Foro Global sobre Seguridad Alimentaria y Nutrición (Foro FSN)

Groupe Interministeriel Français sur la Securité Alimentaire (GISA)

France

Ces commentaires ne préjugent pas de la position française sur le document final.

  1. Remarques générales

Cette première version  du rapport est riche et aborde les différents effets de la dynamique de développement des biocarburants sur la sécurité alimentaire. Elle permet de dresser un panorama général des différentes pratiques en matière de politique de développement des biocarburants et vise à en comprendre les limites du point de vue de la sécurité alimentaire, mais aussi social, environnemental et économique.

Le Comité de la sécurité alimentaire (CSA) a chargé le HLPE de « faire une étude documentaire comparative, fondée sur des données scientifiques, en prenant en considération les travaux issus de la FAO et du partenariat mondial sur les bioénergies (GBEP), des répercussions positives et négatives des agrocarburants sur la sécurité alimentaire ». Le rapport gagnerait à rendre davantage état des débats existants en complétant notamment les références à la littérature existante. En effet, ce rapport vise à éclairer les décideurs politiques regroupés au sein du CSA, il est nécessaire qu'il rende compte objectivement de l'état des débats et de la controverse.

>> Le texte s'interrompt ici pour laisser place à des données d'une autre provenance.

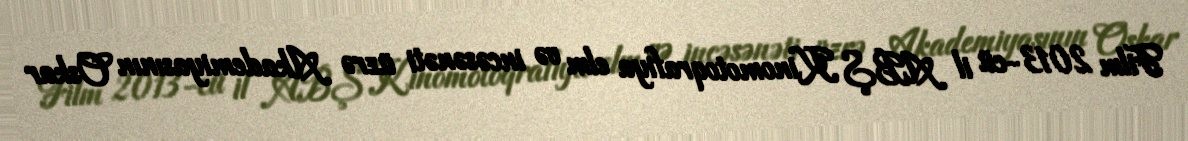
Film 2013-cü il ABŞ Kinomotoqrafiya elm və incəsənəti üzrə Akademiyasının Oskar
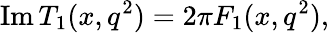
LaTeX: \mathrm{Im}\, T_{1}(x,q^{2})=2\pi F_{1}(x,q^{2}),
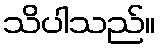
သိပါသည်။
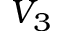
V _ { 3 }
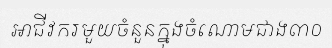
អាជីវករមួយចំនួនក្នុងចំណោមជាង៣០
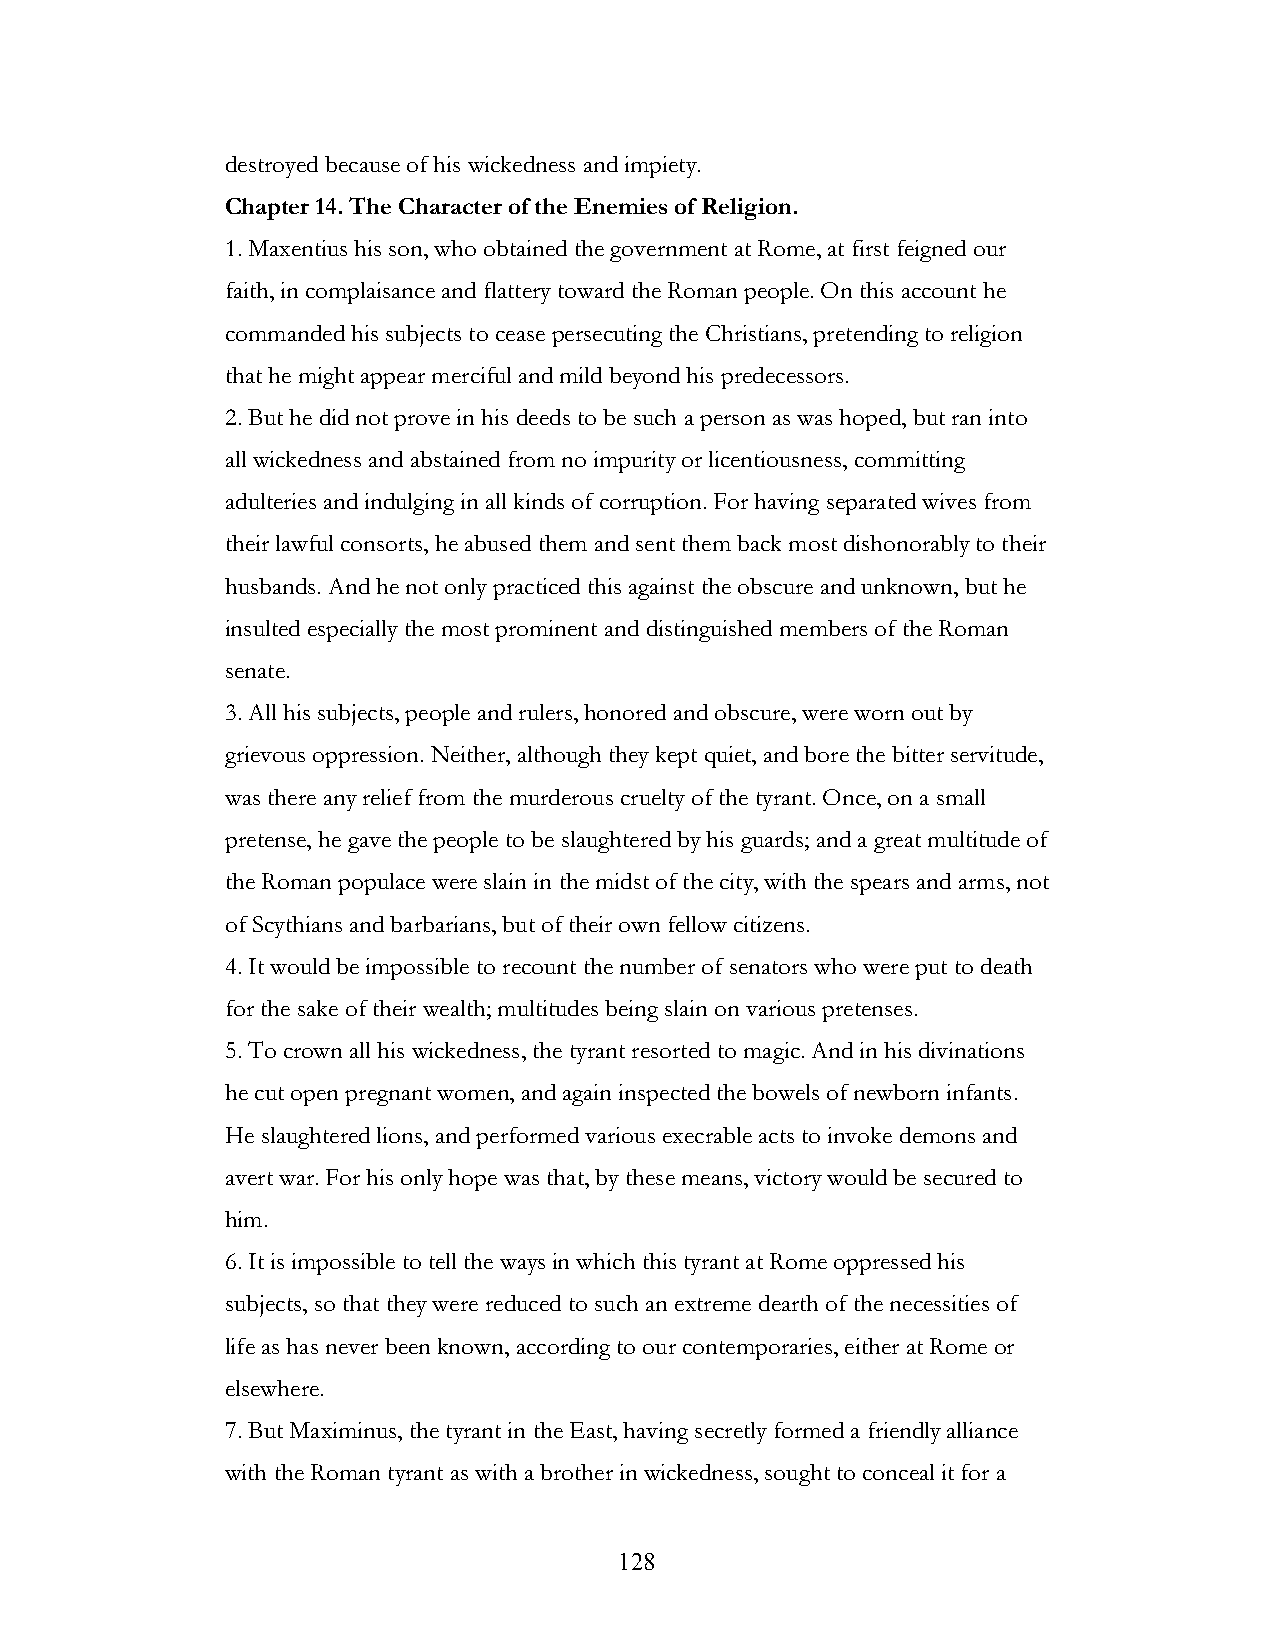
destroyed because of his wickedness and impiety.
 Chapter 14. The Character of the Enemies of Religion.
 1. Maxentius his son, who obtained the government at Rome, at first feigned our
 faith, in complaisance and flattery toward the Roman people. On this account he
 commanded his subjects to cease persecuting the Christians, pretending to religion
 that he might appear merciful and mild beyond his predecessors.
 2. But he did not prove in his deeds to be such a person as was hoped, but ran into
 all wickedness and abstained from no impurity or licentiousness, committing
 adulteries and indulging in all kinds of corruption. For having separated wives from
 their lawful consorts, he abused them and sent them back most dishonorably to their
 husbands. And he not only practiced this against the obscure and unknown, but he
 insulted especially the most prominent and distinguished members of the Roman
 senate.
 3. All his subjects, people and rulers, honored and obscure, were worn out by
 grievous oppression. Neither, although they kept quiet, and bore the bitter servitude,
 was there any relief from the murderous cruelty of the tyrant. Once, on a small
 pretense, he gave the people to be slaughtered by his guards; and a great multitude of
 the Roman populace were slain in the midst of the city, with the spears and arms, not
 of Scythians and barbarians, but of their own fellow citizens.
 4. It would be impossible to recount the number of senators who were put to death
 for the sake of their wealth; multitudes being slain on various pretenses.
 5. To crown all his wickedness, the tyrant resorted to magic. And in his divinations
 he cut open pregnant women, and again inspected the bowels of newborn infants.
 He slaughtered lions, and performed various execrable acts to invoke demons and
 avert war. For his only hope was that, by these means, victory would be secured to
 him.
 6. It is impossible to tell the ways in which this tyrant at Rome oppressed his
 subjects, so that they were reduced to such an extreme dearth of the necessities of
 life as has never been known, according to our contemporaries, either at Rome or
 elsewhere.
 7. But Maximinus, the tyrant in the East, having secretly formed a friendly alliance
 with the Roman tyrant as with a brother in wickedness, sought to conceal it for a
 !                         128
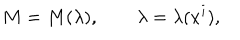
M = M ( \lambda ) , \qquad \lambda = \lambda ( x ^ { i } ) ,
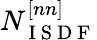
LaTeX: N_{\mathrm{~I~S~D~F~}}^{[nn]}
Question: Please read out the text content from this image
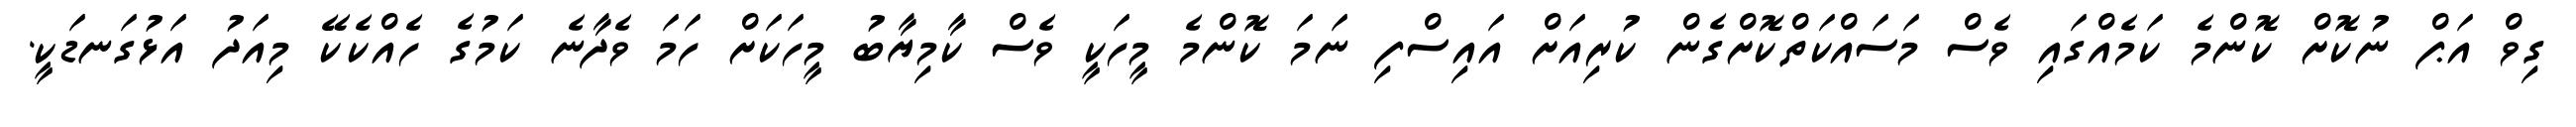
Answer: ގިވް އަޕް ނުކޮށް ކޮންމެ ކަމެއްގައި ވެސް މަސައްކަތްކޮށްގެން ކުރިއަށް އައިސްފި ނަމަ ކޮންމެ މީހަކީ ވެސް ކާމިޔާބު މީހަކަށް ހަމަ ވެދާނެ ކަމުގެ ހެއްކެކޭ މިއަދު އަޅުގަނޑަކީ.
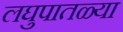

La version V0 du rapport s'intéresse essentiellement aux aspects « macros » dans les différents domaines abordés (effet sur les prix, effet sur le foncier) qui ne permettent pas de conclure de l'ensemble des impacts sur la sécurité alimentaire au niveau local et international.

Le rapport invite à une meilleure prise en compte des questions de sécurité alimentaire dans la mise en place des politiques et des projets en faveur  du développement des biocarburants et insiste sur les risques que peuvent faire peser les biocarburants de première génération sur les marchés agricoles. Ce diagnostic général, devrait être complété par une analyse des expériences de développement des biocarburants s'inscrivant dans une démarche de développement rural au bénéfice des populations locales et d'analyser également les effets sur l'emploi, le revenu agricole et l'accès à l'énergie qui sont des aspects clés pour la sécurité alimentaire.

Concernant l'organisation du contenu, il serait intéressant de mettre en avant les principaux points de conclusions ou d'attention à la fin de chaque chapitre, sous forme d'un encadré conclusion afin d'en faciliter la lecture. Le rapport se termine par un chapitre thématique, il serait opportun d'ajouter une dernière partie perspective, recommandation ou conclusion.

 

  1. Remarques sur le contenu

 

  1. Chapitre 1 : Biofuels policies

Cette partie est importante car elle permet de dresser un panorama mondial des différentes motivations et stratégies adoptées par les gouvernements sur les biocarburants. Il serait intéressant ici de développer davantage les différents types d'outils mis en place dans les pays pour soutenir ou encadrer les filières biocarburants, et d'analyser leurs effets sur la dynamique des filières, les prix et la pression sur le foncier.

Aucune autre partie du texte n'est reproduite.